O Ministério de Minas e Energia publicou nesta quarta (7/6), no Diário Oficial da União, uma portaria que permite a inclusão de projetos de liquefação de gás natural e de regaseificação de gás natural liquefeito (GNL) no Regime Especial de Incentivos para o Desenvolvimento da Infraestrutura (Reidi).
A Portaria 65/2023 altera uma outra — a Portaria 19/GM/MME/2021. Até então, apenas dutos (de petróleo, gás natural e biocombustíveis) e infraestruturas de produção e processamento de gás podiam ser enquadrados no regime especial. Em nota, o ministro Alexandre Silveira justificou que a mudança está em linha com o Programa Gás Para Empregar e “deve aumentar a oferta de gás natural no país, por meio do GNL”. E que a medida visa a atrair investimentos privados.

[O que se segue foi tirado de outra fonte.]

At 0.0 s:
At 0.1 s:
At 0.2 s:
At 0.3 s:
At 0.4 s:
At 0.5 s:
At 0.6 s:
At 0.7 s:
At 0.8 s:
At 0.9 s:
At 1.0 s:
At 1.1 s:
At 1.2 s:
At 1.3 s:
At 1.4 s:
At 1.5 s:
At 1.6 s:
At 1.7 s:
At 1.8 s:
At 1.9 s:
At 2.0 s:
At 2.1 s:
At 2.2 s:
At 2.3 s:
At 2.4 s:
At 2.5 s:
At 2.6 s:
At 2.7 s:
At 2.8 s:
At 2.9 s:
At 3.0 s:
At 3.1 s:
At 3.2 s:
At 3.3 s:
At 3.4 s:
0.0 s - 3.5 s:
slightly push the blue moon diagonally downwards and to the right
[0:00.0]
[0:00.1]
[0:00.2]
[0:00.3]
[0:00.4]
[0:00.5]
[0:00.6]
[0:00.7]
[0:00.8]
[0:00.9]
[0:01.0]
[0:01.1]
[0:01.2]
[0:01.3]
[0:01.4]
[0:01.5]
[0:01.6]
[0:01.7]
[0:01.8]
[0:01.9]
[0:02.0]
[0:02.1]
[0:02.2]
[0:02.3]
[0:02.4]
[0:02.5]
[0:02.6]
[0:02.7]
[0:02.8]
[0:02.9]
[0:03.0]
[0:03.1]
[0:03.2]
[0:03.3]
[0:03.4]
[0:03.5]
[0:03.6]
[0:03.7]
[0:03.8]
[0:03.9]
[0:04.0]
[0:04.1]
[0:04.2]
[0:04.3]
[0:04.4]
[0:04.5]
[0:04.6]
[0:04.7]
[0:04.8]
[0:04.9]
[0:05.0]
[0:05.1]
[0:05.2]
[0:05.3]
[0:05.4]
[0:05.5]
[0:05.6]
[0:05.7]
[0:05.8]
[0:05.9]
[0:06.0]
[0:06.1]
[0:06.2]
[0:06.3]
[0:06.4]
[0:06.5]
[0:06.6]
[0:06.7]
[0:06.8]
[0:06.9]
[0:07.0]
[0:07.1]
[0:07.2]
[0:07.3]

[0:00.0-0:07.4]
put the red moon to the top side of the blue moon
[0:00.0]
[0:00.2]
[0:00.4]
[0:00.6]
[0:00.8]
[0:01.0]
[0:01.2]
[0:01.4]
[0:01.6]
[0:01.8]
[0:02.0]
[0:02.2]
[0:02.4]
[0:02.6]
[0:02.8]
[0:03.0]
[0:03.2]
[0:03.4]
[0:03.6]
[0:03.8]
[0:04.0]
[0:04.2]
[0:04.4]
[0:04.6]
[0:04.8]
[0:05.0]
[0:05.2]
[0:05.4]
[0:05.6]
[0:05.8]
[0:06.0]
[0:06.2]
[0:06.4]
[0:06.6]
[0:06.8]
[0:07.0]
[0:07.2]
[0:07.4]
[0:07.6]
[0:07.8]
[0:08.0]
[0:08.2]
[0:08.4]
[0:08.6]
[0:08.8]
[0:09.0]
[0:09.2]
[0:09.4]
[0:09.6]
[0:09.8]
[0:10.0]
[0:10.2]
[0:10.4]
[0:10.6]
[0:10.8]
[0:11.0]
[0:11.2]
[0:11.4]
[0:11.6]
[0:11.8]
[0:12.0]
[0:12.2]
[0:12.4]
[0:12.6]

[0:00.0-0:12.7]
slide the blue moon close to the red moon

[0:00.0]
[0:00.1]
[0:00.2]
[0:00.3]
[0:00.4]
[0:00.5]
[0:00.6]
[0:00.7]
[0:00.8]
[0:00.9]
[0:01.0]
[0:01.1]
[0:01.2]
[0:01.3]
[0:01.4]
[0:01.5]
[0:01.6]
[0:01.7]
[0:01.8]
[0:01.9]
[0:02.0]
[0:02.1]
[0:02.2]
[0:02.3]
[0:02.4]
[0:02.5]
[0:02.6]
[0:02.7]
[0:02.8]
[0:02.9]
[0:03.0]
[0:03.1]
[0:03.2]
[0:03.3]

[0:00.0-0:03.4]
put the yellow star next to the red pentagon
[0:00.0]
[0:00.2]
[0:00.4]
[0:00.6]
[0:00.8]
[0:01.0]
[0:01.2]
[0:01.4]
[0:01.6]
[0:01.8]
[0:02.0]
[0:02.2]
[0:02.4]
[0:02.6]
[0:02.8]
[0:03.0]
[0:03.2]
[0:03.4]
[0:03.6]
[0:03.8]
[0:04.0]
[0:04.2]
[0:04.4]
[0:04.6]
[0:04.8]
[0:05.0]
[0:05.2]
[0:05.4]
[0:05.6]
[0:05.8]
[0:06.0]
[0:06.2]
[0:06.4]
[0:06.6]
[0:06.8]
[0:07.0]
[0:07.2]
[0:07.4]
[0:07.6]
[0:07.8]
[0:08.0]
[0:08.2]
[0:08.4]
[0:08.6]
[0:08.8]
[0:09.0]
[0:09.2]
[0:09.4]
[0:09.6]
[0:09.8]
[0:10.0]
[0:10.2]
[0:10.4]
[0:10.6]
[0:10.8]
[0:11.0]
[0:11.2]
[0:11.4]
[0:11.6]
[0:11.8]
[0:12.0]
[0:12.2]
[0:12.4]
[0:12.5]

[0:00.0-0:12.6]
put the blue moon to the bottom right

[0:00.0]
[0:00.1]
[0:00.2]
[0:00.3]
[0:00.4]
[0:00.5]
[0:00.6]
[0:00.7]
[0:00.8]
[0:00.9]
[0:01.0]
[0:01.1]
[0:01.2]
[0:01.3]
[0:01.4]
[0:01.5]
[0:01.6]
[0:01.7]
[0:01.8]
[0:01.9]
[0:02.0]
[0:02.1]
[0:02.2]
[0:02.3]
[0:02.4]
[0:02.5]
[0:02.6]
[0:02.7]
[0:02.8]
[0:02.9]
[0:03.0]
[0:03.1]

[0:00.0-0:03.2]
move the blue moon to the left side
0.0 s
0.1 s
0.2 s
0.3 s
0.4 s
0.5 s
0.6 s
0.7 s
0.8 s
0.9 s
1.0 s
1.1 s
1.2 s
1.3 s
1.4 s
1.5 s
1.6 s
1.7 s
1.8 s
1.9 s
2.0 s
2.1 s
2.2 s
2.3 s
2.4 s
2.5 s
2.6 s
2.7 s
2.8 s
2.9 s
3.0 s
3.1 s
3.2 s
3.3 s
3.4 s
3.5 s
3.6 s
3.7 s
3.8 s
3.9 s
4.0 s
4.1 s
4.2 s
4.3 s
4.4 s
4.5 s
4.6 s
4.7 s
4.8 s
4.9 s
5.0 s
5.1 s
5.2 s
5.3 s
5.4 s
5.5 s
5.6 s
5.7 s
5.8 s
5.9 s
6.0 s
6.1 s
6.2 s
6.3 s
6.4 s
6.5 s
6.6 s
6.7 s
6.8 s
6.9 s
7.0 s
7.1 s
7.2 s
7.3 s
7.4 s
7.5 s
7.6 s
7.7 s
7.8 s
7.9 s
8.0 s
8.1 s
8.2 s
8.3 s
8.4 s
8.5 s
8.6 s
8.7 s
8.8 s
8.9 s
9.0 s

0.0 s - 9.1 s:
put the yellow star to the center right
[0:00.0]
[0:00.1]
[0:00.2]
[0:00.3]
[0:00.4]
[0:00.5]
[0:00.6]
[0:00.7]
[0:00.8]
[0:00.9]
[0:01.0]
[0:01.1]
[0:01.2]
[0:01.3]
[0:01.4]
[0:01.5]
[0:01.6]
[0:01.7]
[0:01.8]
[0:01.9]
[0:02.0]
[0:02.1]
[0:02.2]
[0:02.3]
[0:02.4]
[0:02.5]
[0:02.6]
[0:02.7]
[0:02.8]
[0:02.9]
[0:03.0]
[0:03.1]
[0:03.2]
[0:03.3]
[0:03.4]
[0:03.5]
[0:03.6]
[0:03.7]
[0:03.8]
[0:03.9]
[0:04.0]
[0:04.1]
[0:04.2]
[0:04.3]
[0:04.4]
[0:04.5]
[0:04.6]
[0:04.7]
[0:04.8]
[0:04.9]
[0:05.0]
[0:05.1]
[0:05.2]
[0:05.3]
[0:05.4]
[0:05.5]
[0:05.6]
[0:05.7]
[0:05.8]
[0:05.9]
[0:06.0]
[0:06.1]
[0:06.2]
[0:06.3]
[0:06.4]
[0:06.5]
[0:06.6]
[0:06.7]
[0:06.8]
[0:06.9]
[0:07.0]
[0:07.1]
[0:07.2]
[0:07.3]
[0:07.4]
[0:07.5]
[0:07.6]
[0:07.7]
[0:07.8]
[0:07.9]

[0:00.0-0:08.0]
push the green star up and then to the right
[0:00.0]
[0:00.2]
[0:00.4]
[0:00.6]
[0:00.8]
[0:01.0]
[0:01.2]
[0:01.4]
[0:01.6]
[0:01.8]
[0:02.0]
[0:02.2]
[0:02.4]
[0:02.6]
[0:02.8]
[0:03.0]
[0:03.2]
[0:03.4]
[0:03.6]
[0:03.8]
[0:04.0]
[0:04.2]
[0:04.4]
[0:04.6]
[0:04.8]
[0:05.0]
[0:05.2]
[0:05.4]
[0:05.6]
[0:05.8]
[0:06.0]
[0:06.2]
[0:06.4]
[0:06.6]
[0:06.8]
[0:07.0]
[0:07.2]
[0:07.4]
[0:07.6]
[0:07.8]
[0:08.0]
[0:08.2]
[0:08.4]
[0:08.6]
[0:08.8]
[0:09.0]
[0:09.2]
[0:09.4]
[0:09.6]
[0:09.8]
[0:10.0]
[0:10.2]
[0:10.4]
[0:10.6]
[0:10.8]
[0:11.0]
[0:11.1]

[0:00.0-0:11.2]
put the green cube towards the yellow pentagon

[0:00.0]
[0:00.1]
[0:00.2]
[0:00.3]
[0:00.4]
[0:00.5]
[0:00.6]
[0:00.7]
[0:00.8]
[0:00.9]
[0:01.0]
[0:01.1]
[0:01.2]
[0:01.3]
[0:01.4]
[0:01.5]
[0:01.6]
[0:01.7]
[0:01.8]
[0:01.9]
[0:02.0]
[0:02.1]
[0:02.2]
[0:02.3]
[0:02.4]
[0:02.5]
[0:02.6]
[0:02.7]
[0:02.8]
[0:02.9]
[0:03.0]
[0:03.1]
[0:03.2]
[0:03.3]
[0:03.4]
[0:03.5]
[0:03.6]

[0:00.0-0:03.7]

O MME cita, na nota, que o desenvolvimento do mercado de gás no Brasil tem gerado oportunidades para novos negócios, como o transporte de GNL para suprimento a novas regiões ainda não atendidas por gasodutos — uma referência aos projetos de GNL em pequena escala. O ministério destaca que a tecnologia viabiliza, também, o melhor aproveitamento do gás produzido em terra, em regiões distantes dos centros consumidores. De acordo com a legislação, com a adesão ao Reidi, as empresas podem adquirir, locar e importar os bens e serviços vinculados ao projeto de infraestrutura aprovado com suspensão de PIS/Pasep e da Cofins ou do PIS/Pasep-Importação e da Cofins-Importação.
Dentre os projetos que podem requerer o enquadramento no regime especial estão: dutos de transporte de combustíveis; dutos de transferência de combustíveis; gasodutos sob regulação da ANP; gasodutos de distribuição (serviços locais de gás canalizado); produção de gás natural não-associado; e processamento de gás em qualquer estado físico — incluindo, a partir de agora, também, a liquefação e regaseificação O procedimento para requerer o enquadramento de projetos no Reidi permanece o mesmo: é iniciado com a submissão de requerimento à ANP. Após análise, a agência encaminha o resultado para o MME, para aprovação do enquadramento do projeto ao Reidi.